======== Record set ========
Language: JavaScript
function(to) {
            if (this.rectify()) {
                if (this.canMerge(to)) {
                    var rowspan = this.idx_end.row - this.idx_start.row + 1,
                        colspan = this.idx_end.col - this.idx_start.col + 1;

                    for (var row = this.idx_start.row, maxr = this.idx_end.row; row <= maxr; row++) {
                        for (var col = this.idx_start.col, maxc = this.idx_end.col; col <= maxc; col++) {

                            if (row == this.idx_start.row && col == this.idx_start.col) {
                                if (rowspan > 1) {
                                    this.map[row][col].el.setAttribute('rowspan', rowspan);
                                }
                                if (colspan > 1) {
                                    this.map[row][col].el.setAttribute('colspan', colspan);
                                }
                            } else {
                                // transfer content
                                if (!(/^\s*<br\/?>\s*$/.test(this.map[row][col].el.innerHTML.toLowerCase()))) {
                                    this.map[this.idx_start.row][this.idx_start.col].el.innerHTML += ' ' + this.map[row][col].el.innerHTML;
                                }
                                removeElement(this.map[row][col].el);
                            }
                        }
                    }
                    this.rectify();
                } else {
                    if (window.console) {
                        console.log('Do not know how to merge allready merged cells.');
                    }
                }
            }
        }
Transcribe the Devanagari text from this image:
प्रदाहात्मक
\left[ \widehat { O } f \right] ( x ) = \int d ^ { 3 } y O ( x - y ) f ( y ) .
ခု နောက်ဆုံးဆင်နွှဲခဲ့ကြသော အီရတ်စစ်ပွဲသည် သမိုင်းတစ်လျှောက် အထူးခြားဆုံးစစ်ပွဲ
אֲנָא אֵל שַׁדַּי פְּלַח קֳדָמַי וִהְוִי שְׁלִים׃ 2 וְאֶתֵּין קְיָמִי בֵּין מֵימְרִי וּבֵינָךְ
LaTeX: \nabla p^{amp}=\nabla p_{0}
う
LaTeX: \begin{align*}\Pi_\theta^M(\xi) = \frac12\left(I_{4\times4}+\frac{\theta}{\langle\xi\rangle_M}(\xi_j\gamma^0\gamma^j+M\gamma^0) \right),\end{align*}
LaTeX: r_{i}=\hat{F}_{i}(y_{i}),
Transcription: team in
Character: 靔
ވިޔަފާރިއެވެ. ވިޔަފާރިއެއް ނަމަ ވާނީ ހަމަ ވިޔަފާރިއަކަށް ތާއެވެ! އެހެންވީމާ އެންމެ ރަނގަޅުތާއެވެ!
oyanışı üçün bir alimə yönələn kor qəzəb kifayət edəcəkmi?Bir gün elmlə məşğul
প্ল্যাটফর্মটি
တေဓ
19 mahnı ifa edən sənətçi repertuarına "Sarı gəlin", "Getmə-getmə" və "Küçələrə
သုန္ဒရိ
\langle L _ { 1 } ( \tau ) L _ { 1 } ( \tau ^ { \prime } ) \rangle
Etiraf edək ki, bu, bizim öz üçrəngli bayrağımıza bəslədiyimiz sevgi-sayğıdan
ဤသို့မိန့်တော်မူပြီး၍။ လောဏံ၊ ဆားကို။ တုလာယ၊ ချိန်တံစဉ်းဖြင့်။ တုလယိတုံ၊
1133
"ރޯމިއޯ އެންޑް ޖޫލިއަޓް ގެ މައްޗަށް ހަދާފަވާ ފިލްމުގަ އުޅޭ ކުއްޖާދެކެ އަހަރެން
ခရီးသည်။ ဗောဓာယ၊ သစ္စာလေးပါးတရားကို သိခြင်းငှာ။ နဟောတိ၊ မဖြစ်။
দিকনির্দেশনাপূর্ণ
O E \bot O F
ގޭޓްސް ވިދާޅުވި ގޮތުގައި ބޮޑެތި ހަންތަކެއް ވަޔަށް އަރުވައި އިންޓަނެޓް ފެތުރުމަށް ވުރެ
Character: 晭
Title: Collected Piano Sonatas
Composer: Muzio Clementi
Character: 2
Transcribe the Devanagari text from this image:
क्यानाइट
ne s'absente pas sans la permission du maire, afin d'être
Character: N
========
Looking at the listing above, which lines hold "left"? Copy every such line.

### Response area:
\left[ \widehat { O } f \right] ( x ) = \int d ^ { 3 } y O ( x - y ) f ( y ) .
LaTeX: \begin{align*}\Pi_\theta^M(\xi) = \frac12\left(I_{4\times4}+\frac{\theta}{\langle\xi\rangle_M}(\xi_j\gamma^0\gamma^j+M\gamma^0) \right),\end{align*}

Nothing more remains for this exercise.